O Globo, n. 31440, 05/09/2019. Opinião, p. 2

Hora da liderança legislativa na Previdência


O Senado avança na reforma da Previdência. A aprovação de dois projetos na Comissão de Constituição e Justiça abre caminho para concluir a votação no plenário, em dois turnos, ainda em outubro.

Mostrou-se acertado, ao menos nesse primeiro round, o acordo de procedimento feito pelos presidentes do Senado, Davi Alcolumbre; da Câmara, Rodrigo Maia, e pelo senador Tasso Jereissati (relator).

Conseguiram preservar a proposta de emenda constitucional aprovada na Câmara. E concentraram aspectos ainda polêmicos em PEC com tramitação simultânea, com detalhe relevante: ela abriga a possibilidade de adesão de estados e municípios ao futuro regime previdenciário da União.

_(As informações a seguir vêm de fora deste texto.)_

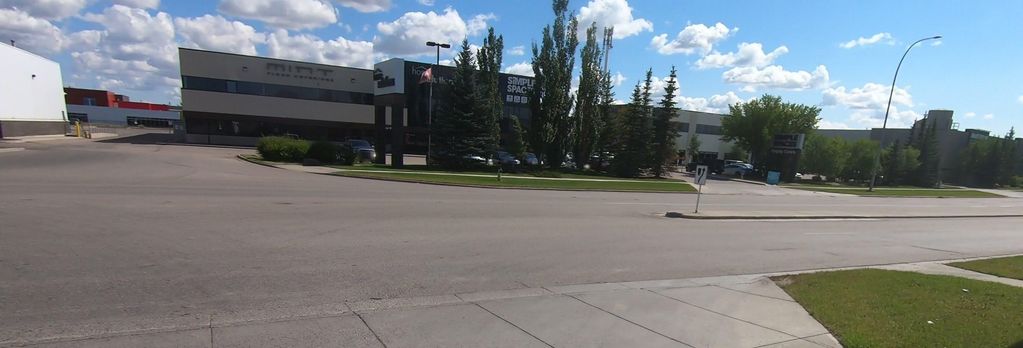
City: calgary
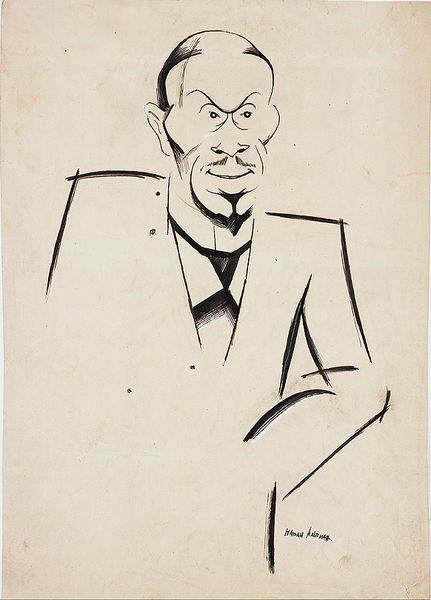
Titel: Portrait of a Man
Künstler: Natan Isaevich Al'tman
Standort: Amherst (Massachusetts, USA)
Institution: Mead Art Museum, Amherst College
Schlagwörter: white, arm, black, face, hair, modern, nose, old, portrait, hand, man, boat, ear, head, eyes, male, suit, drawing, bust, brow, chin, coat, mouth, caricature, cartoon, graphic, line, sketch, beard, jacket, pen, smile, tie, abstract, person, human, mann, cheeks, ink, signature, bald, ears, pocket, pencil, bart, porträt, eye, lines, monkey, shoulders, asian, eyebrows, papier, druck, contrast, forehead, shirt, evil, goatee, angry, mustache, moustache, alt, anzug, incomplete, grin, smirk, krawatte, blakc, bear, brows, charicature, signed, n, post-modern, cheekbones, tusche, drawn, mean, unhappy, tinte, wuit, missing hand, missing body, goutee
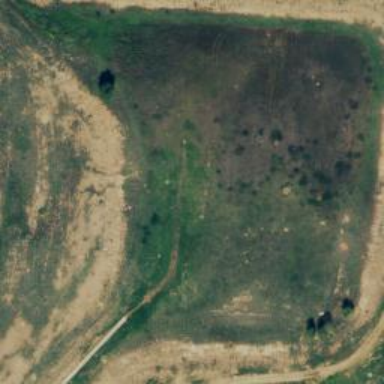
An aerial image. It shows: Detention basin filled with water.
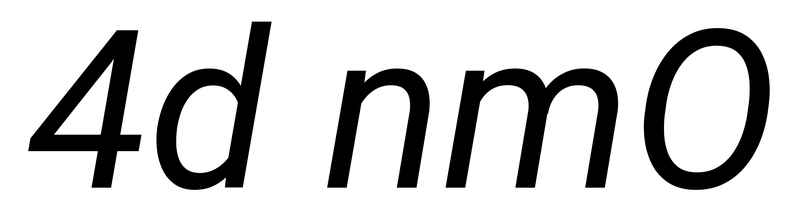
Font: Roboto-Italic_Italic
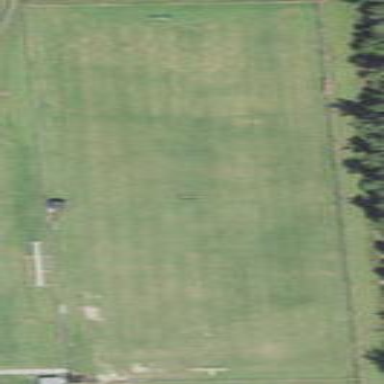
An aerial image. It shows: Pitch for leisure activities.
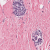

É decisão importante para a criação de um ambiente político propício às demais iniciativas de modernização do Estado. Trata-se de uma corrida contra o tempo, na qual se tenta recuperar o tempo perdido nas últimas décadas e, ao mesmo tempo, abrir uma janela para o futuro.

De um lado, procura-se resgatar o princípio constitucional da igualdade de direitos, com redução das evidentes desigualdades no sistema previdenciário. De outro, sinaliza-se com a preservação da capacidade de solvência do setor público no médio prazo. São fundamentos de uma necessária mudança do ambiente econômico e social do país, com consequências positivas na recuperação da economia e na retomada de investimentos privados.

É correto o diagnóstico governamental de que um novo ciclo de crescimento econômico depende do reequilíbrio das contas públicas. Para tanto, é preciso rever as regras da Previdência, cujos gastos sobem ao ritmo de R$ 50 bilhões por ano e consomem mais da metade do orçamento.

O Legislativo, felizmente, percebeu os riscos adiante e assumiu a liderança da reforma da Previdência, ao mesmo tempo em que preparara outras, nas áreas tributária e de gestão do Estado. Esse entendimento político decorre não apenas de uma fragilidade econômica conjuntural, mas da necessidade de reconhecer um fenômeno social brasileiro, o aumento significativo da expectativa de vida. Aos 65 anos de idade, as mulheres têm expectativa de vida de 85 anos. Os homens, de 82 anos. E é preciso criar condições para que o Estado possa atender adequadamente à mudança estrutural na demografia.

A ONU calcula que, nas três décadas a partir de 2030, o Brasil vai duplicar novamente (14% para 28%) a proporção de pessoas idosas da população. França, Suécia e Estados Unidos só devem alcançar situação similar no último quarto deste século.

Hoje, o país gasta o equivalente a 14% do Produto Interno Bruto com a Previdência. Com essa acelerada transição demográfica, vai gastar 25% do PIB em 2050, estima a Organização para Cooperação e Desenvolvimento Econômico. Sem reforma já, o futuro é só dúvida.